Calgary officials have been discussing long-term priorities for the Rivers District, a proposed culture and entertainment area that could factor into the future of Victoria Park. One of the projects that the city intends to explore for that district is a new arena, which would serve as an anchor for surrounding amenities while giving the Flames a replacement for the aging Scotiabank Saddledome.
On Monday, the Calgary City Council voted to approve a “work plan” for the previously formed event centre assessment committee. That effectively allows the committee to begin putting together a framework for a new Flames arena, and eventually present those proposed terms to the team. More from the Calgary Herald:
Council members voted to approve a “work plan” for council’s event centre assessment committee at a strategic council meeting late Monday night. The vote came following more than eight hours of debate on council’s capital spending priorities, including a new $600-million arena, a doubling in size of the BMO Centre, an expansion of Arts Commons and a new field house.

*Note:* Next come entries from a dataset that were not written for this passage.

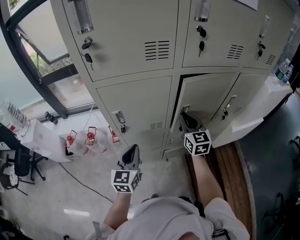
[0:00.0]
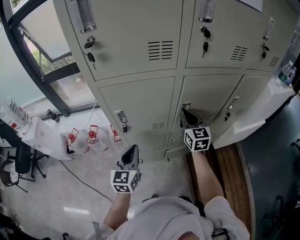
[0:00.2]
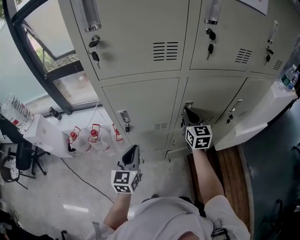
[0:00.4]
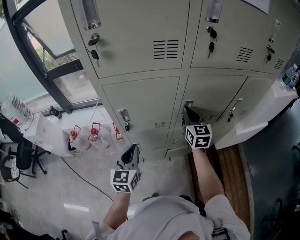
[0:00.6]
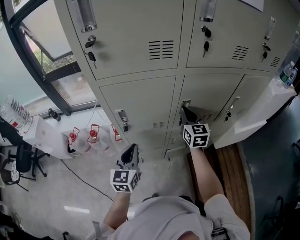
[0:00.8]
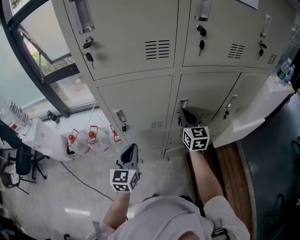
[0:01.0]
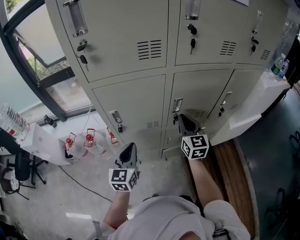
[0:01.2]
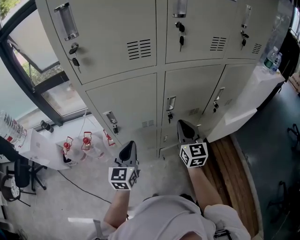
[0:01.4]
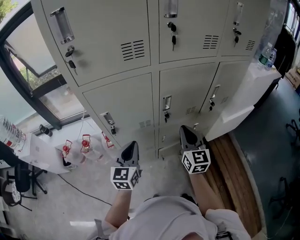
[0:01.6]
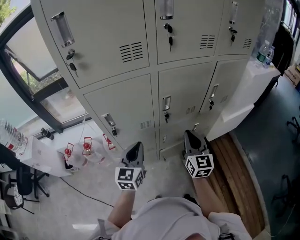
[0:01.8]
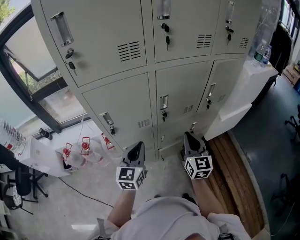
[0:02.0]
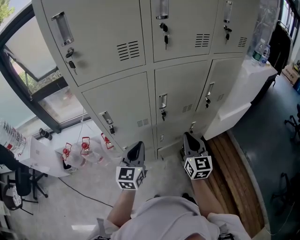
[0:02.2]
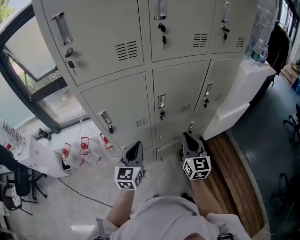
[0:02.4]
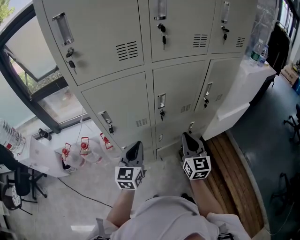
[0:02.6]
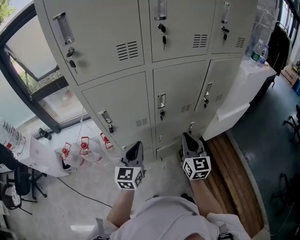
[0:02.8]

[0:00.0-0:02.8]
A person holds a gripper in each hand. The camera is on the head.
0:00.0 to 0:01.4: The right gripper shifts about 5 cm backward.
0:01.4 to 0:02.8: The left gripper moves to the right, some 5 cm, while the right gripper goes about 10 cm backward and to the right.

Committee chair Jeff Davison suggested Monday’s vote put the arena project in “first position” — alongside the BMO Centre expansion — as the two capital projects that should top council’s queue when it comes to funding.

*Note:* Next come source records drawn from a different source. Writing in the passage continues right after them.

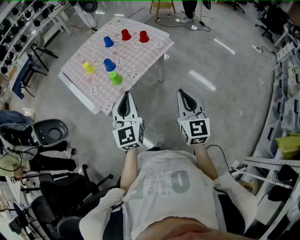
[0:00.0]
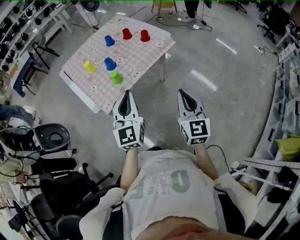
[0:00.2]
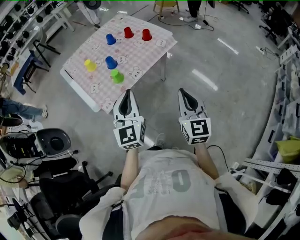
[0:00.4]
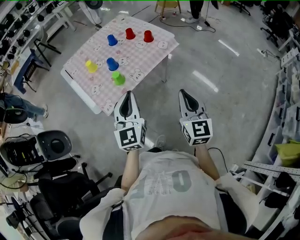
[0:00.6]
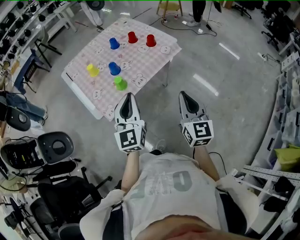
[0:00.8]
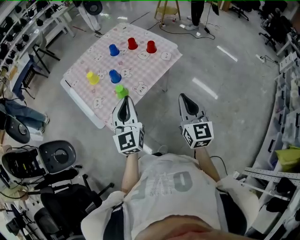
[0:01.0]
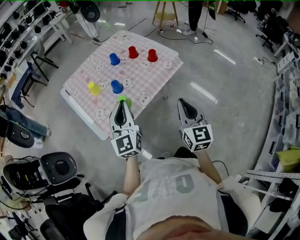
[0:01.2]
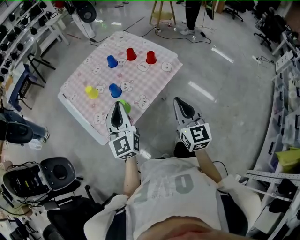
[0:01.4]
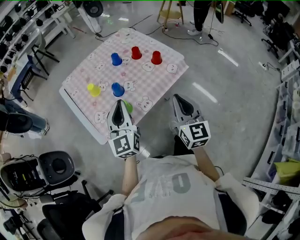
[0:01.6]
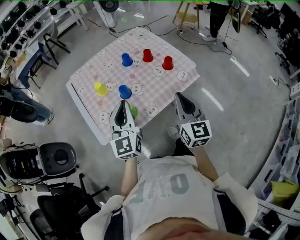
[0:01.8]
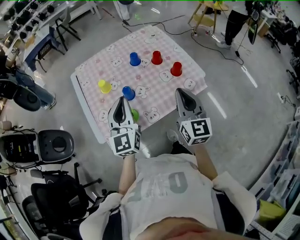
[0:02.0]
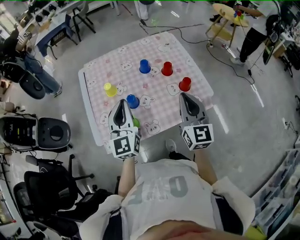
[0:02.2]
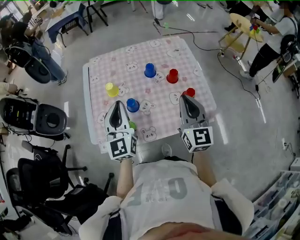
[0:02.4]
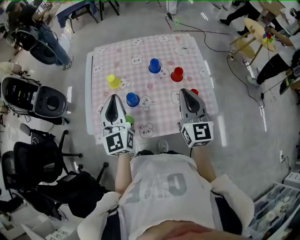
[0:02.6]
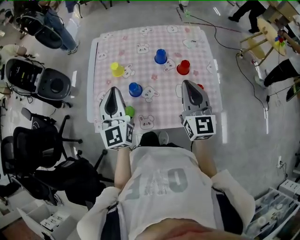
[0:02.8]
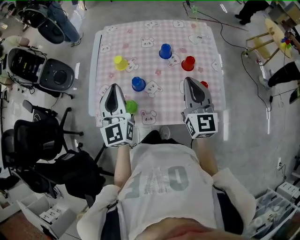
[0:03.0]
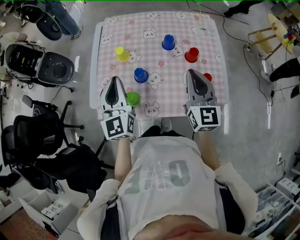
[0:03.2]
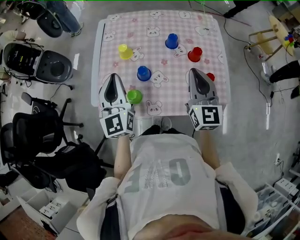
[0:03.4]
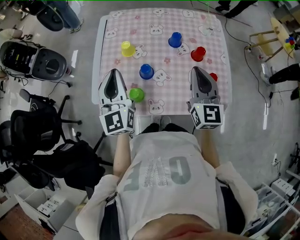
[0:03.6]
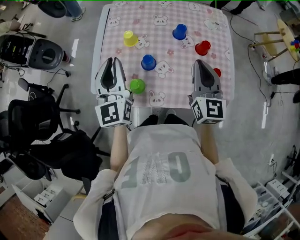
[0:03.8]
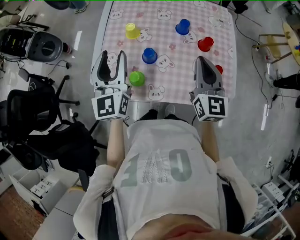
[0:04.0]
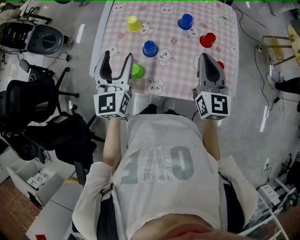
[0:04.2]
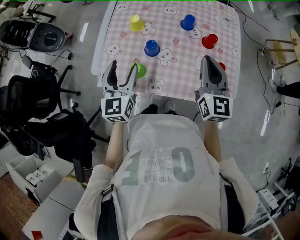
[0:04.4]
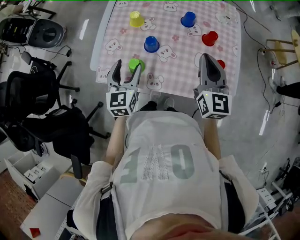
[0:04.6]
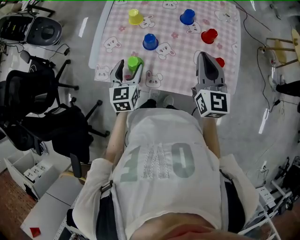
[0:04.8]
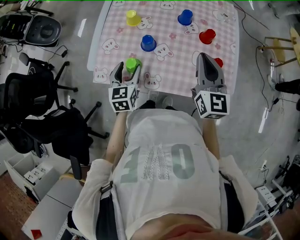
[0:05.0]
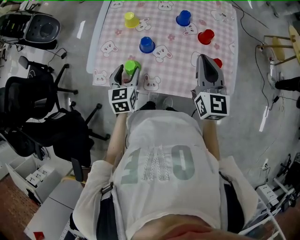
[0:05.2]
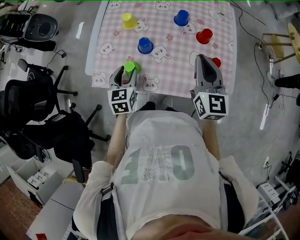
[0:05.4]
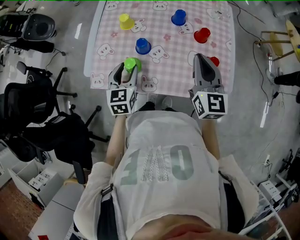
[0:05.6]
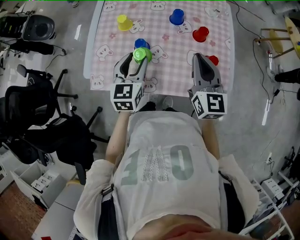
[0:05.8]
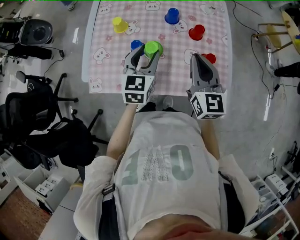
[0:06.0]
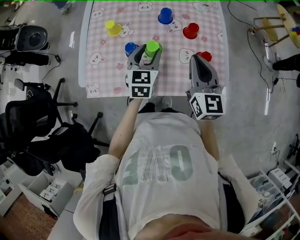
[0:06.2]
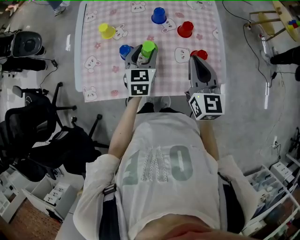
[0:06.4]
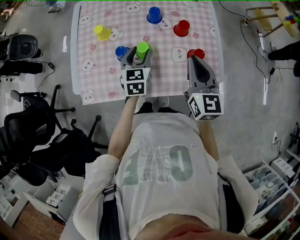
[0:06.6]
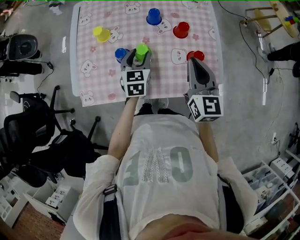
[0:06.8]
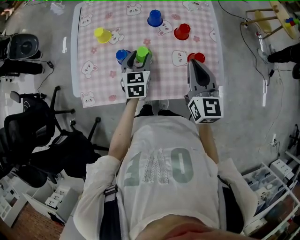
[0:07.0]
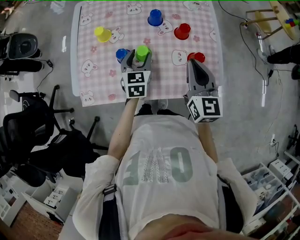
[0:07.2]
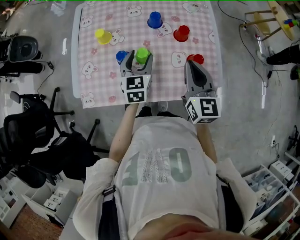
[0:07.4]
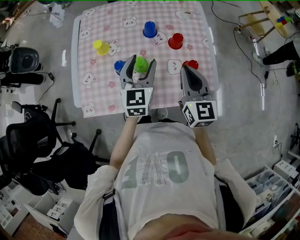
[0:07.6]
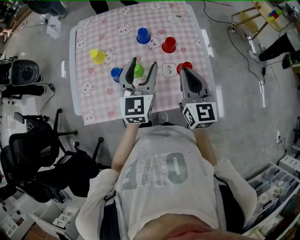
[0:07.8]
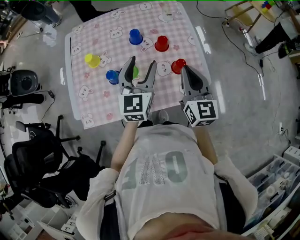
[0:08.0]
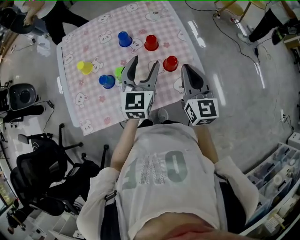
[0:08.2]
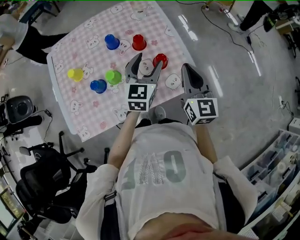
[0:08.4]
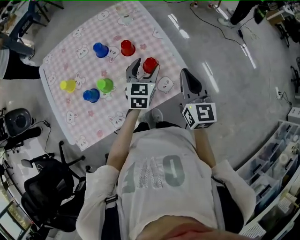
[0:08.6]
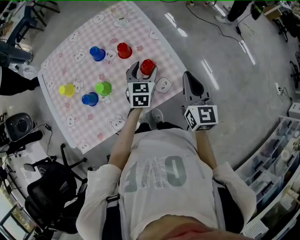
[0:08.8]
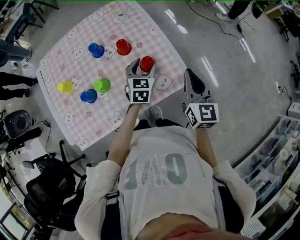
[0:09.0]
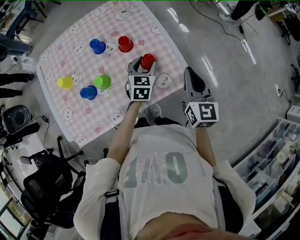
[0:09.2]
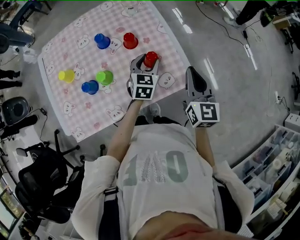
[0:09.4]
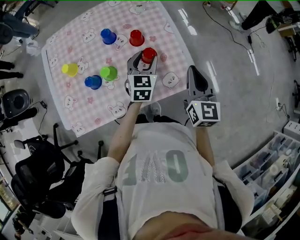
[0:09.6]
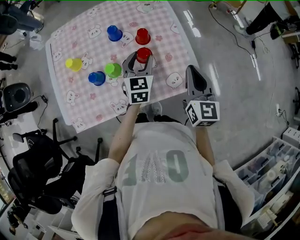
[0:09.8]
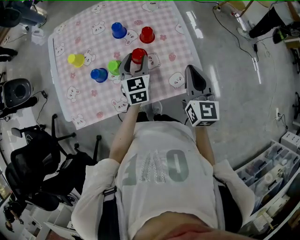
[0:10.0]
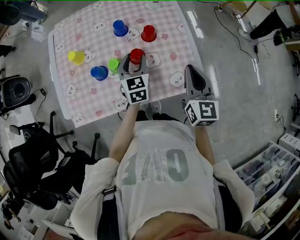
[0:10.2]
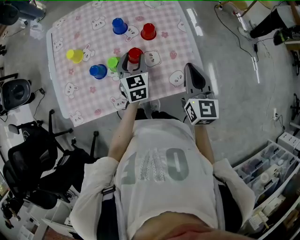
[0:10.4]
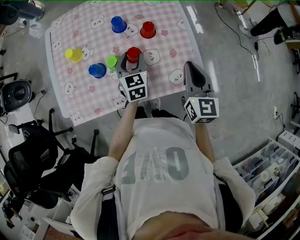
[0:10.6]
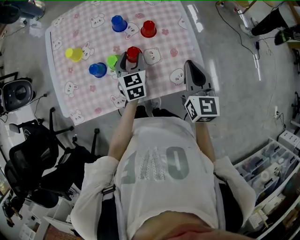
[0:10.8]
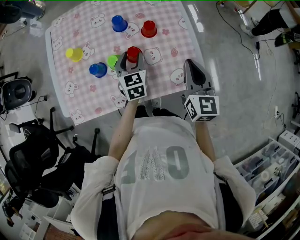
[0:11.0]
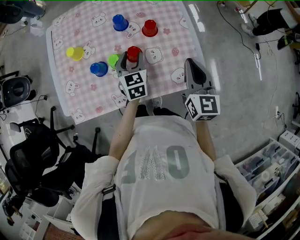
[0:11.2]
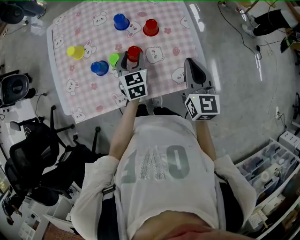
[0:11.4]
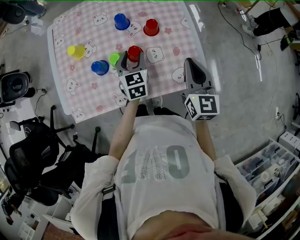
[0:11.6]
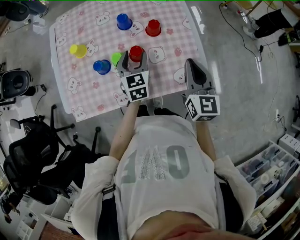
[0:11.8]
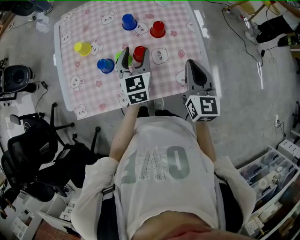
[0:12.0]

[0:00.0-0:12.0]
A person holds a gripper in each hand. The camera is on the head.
0:00.0 to 0:01.6: Both grippers move forward, about 20 cm.
0:01.6 to 0:03.0: The left gripper changes place by approximately 10 cm, and swivels some 40 degrees. Meanwhile the right gripper shifts by some 30 cm, and swivels roughly 40 degrees.
0:03.0 to 0:04.4: The left gripper moves downward, about 10 cm, and opens up.
0:04.4 to 0:06.0: The left gripper heads to the right and forward, covering approximately 15 cm.
0:06.0 to 0:07.6: The left gripper reaches approximately 10 cm downward, then returns.
0:07.6 to 0:09.0: The left gripper changes place by approximately 25 cm, and turns by roughly 30 degrees, while the right gripper shifts by some 20 cm, and swivels approximately 30 degrees.
0:09.0 to 0:10.4: The left gripper heads to the left, covering about 15 cm, and changes its angle by some 30 degrees. Meanwhile the right gripper goes roughly 10 cm to the left.
0:10.4 to 0:12.0: The left gripper travels upward by roughly 5 cm.

“By approving the work plan last night, council was giving priority to the events centre because obviously BMO is already moving forward,” Davison said Tuesday. “So this would then put the events centre into that next position.
“We will now go to the next stage of developing a terms sheet to present to the Calgary Flames.”

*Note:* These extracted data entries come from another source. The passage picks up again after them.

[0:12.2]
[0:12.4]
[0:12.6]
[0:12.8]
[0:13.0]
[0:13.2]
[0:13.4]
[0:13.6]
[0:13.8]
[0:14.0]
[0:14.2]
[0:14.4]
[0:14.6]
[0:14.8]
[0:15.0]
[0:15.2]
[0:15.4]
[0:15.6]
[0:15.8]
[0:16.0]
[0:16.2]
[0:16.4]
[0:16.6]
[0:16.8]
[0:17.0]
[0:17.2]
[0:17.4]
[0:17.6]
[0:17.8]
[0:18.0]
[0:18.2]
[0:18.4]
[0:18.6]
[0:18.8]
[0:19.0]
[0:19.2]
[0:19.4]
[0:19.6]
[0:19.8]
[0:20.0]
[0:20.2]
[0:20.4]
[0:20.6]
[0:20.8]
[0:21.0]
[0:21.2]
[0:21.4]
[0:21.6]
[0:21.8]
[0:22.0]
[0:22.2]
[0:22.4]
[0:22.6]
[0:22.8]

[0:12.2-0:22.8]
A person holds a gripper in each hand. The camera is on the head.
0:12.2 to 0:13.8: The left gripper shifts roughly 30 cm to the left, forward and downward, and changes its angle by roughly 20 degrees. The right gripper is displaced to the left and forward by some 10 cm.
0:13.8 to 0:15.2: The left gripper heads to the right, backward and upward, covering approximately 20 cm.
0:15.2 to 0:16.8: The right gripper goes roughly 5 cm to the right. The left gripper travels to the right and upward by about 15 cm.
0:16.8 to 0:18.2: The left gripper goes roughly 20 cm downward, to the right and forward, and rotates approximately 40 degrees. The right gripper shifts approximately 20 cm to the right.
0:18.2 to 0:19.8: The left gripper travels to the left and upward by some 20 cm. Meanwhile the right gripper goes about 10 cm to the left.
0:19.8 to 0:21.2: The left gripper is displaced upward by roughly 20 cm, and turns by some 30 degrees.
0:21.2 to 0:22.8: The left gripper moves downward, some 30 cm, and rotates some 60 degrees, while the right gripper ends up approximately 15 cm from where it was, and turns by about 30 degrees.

Previous discussions about a new arena broke down in the fall of 2017, hitting a stalemate because the Flames and city could not resolve considerable differences over the economics of the proposal. However, Calgary officials have been making overtures since last year about reengaging the Flames in discussions, with the current concept centering around a new arena–recently estimated to cost upwards of $600 million–anchoring surrounding development in Victoria Park. As noted, the new arena would replace the Saddledome, which opened in 1983 and is currently the second-oldest facility among full-time NHL arenas.